**TASK DIRECTIONS:**
Nothing but a number belongs in the answer: how many lines of the records below contain the string "cover".

**RECORDS TO USE:**
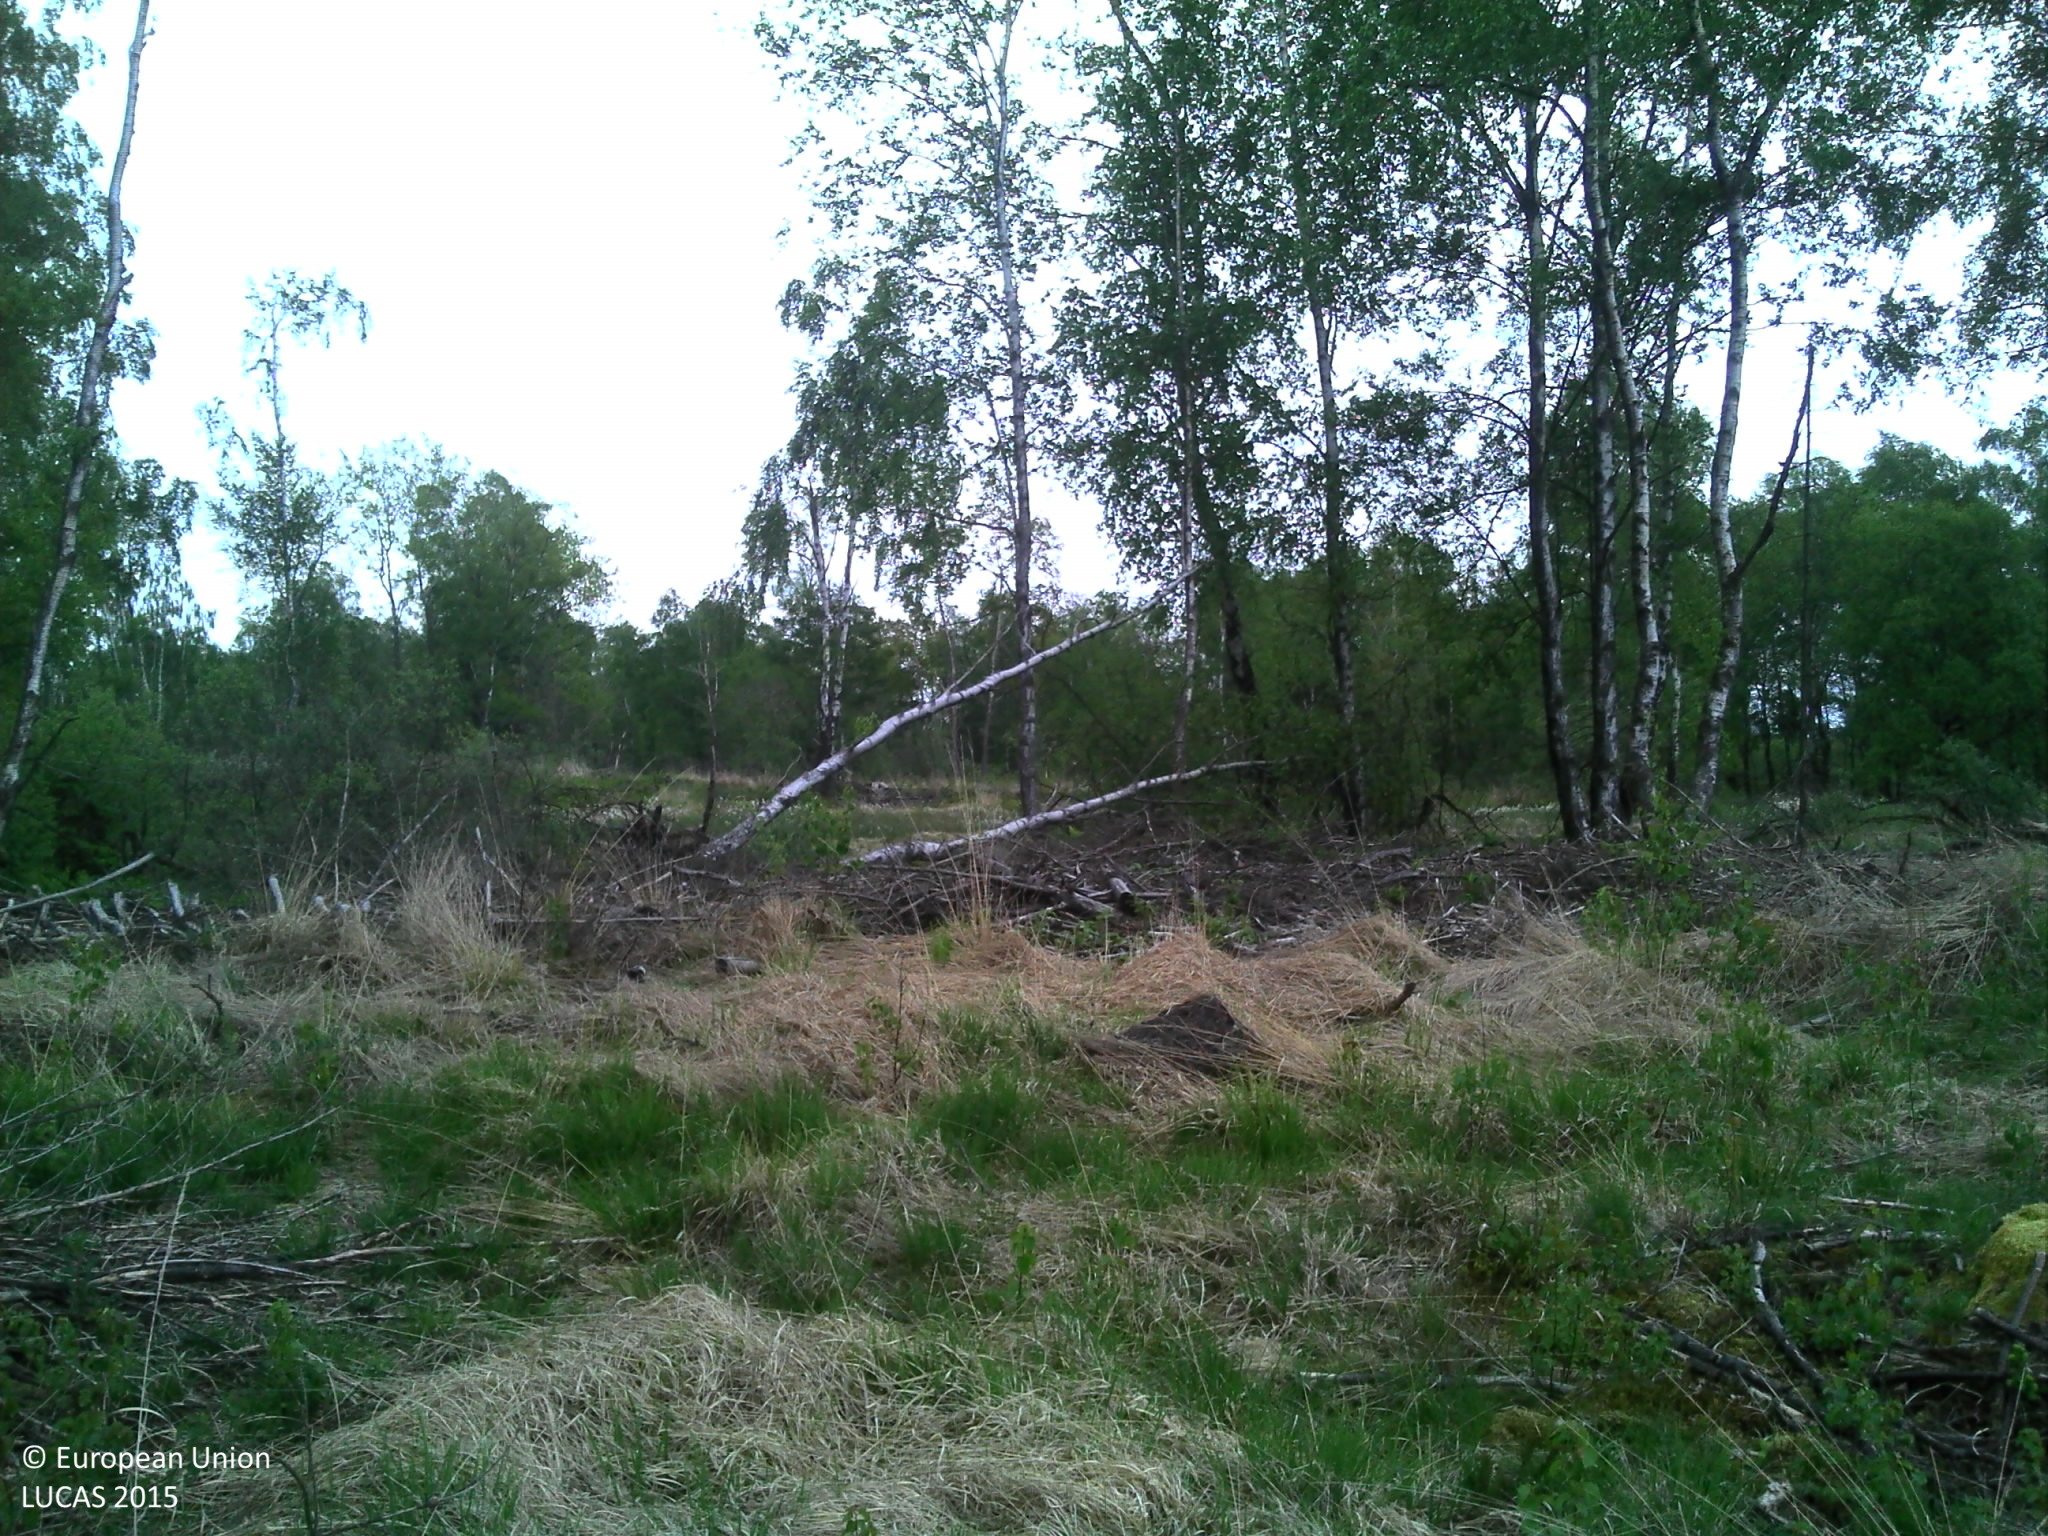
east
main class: Shrubland
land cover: Shrubland with sparse tree cover
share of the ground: > 75 %
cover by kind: herbaceous plants 80 %, shrubs 15 %, broadleaved forest trees 5 %
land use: Forestry
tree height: > 5 m
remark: Temporary flooded
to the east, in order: Shrubland with sparse tree cover; Peatbogs; Shrubland with sparse tree cover; Broadleaved woodland; Peatbogs; Broadleaved woodland; Shrubland with sparse tree cover; Broadleaved woodland; Ditches and canals; Grassland with sparse tree/shrub cover; Tracks; Grassland with sparse tree/shrub cover; Spruce dominated mixed woodland; Fences; Grassland without tree/shrub cover
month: May
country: BE
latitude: 50.6088
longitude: 6.2546

**COMPLETED TASK:**
3